■ Problem ■
Give back an exact copy of the entries beneath, minus the pictures.

[Extracted data entries]

╔══

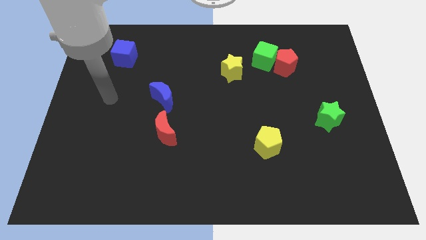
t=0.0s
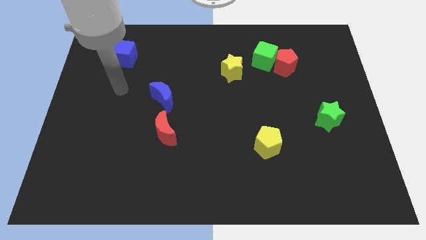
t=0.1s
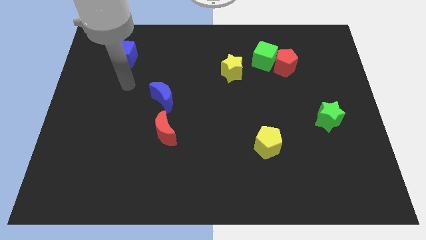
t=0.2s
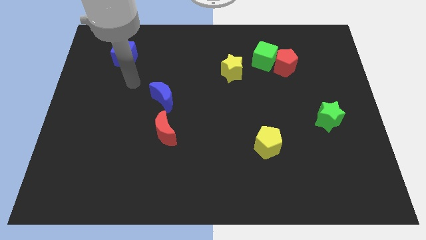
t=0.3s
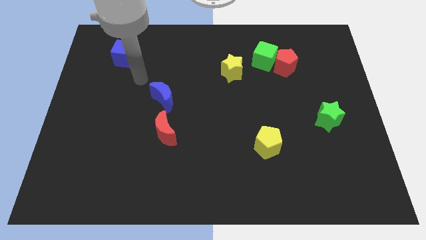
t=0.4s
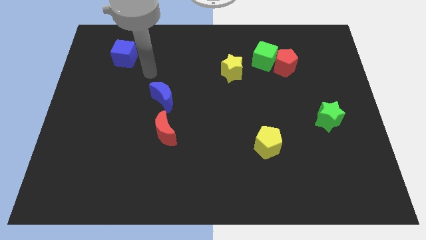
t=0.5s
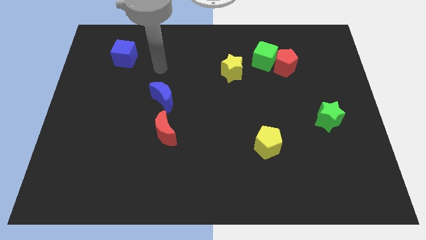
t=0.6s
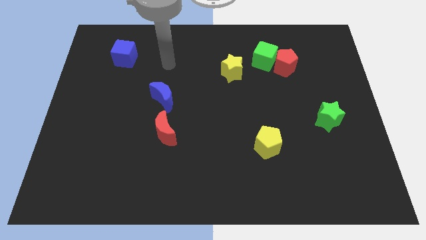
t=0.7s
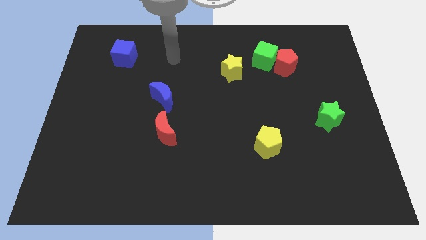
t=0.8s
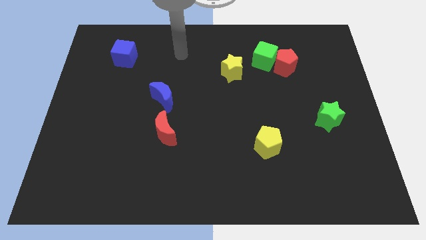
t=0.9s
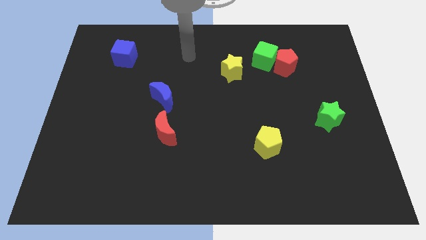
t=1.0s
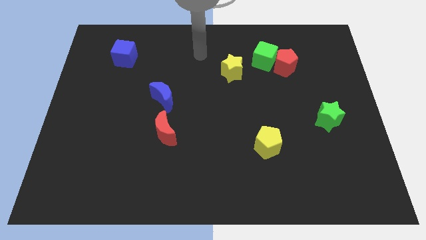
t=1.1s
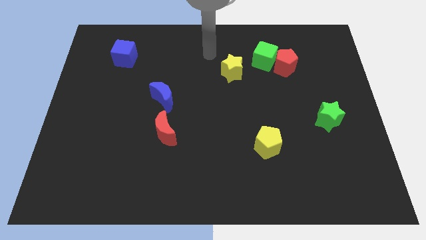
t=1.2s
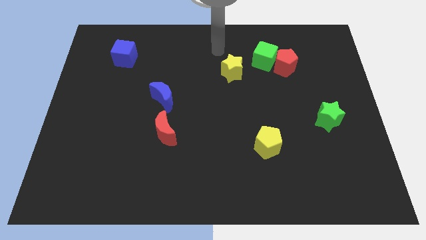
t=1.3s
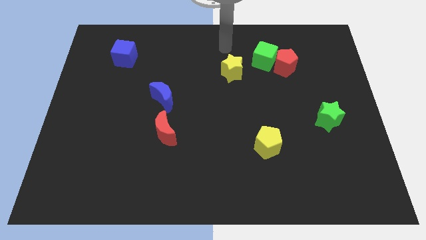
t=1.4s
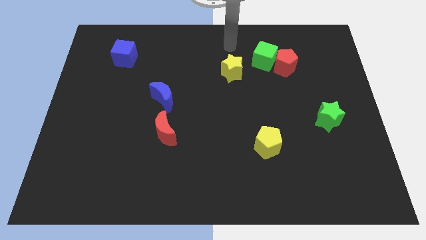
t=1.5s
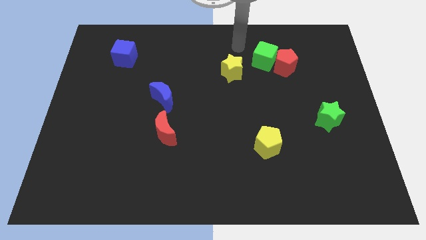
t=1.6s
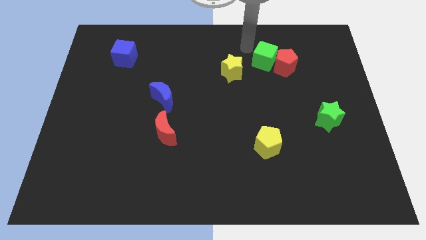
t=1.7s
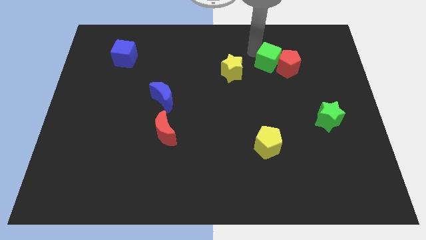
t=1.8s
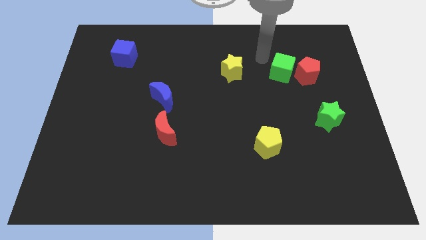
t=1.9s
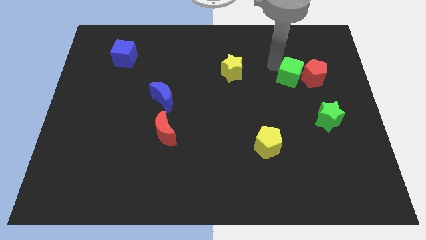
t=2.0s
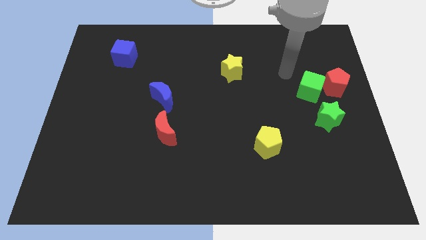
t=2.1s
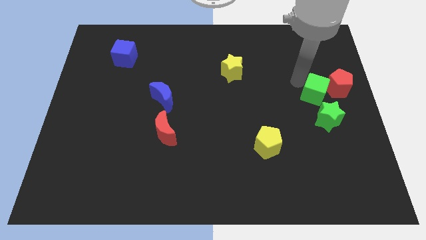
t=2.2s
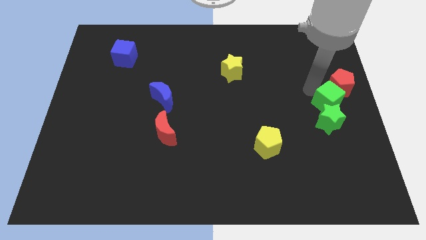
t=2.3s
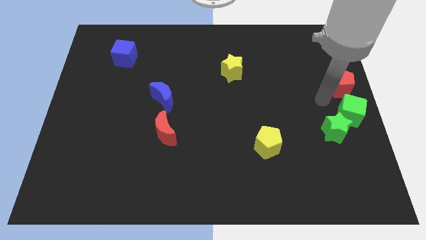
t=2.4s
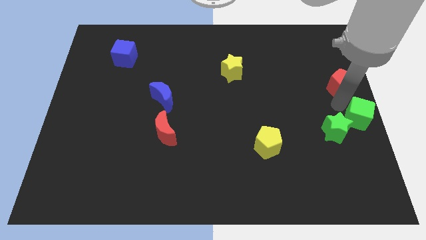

╚══

■ Response to the exercise ■
t=0.0s
t=0.1s
t=0.2s
t=0.3s
t=0.4s
t=0.5s
t=0.6s
t=0.7s
t=0.8s
t=0.9s
t=1.0s
t=1.1s
t=1.2s
t=1.3s
t=1.4s
t=1.5s
t=1.6s
t=1.7s
t=1.8s
t=1.9s
t=2.0s
t=2.1s
t=2.2s
t=2.3s
t=2.4s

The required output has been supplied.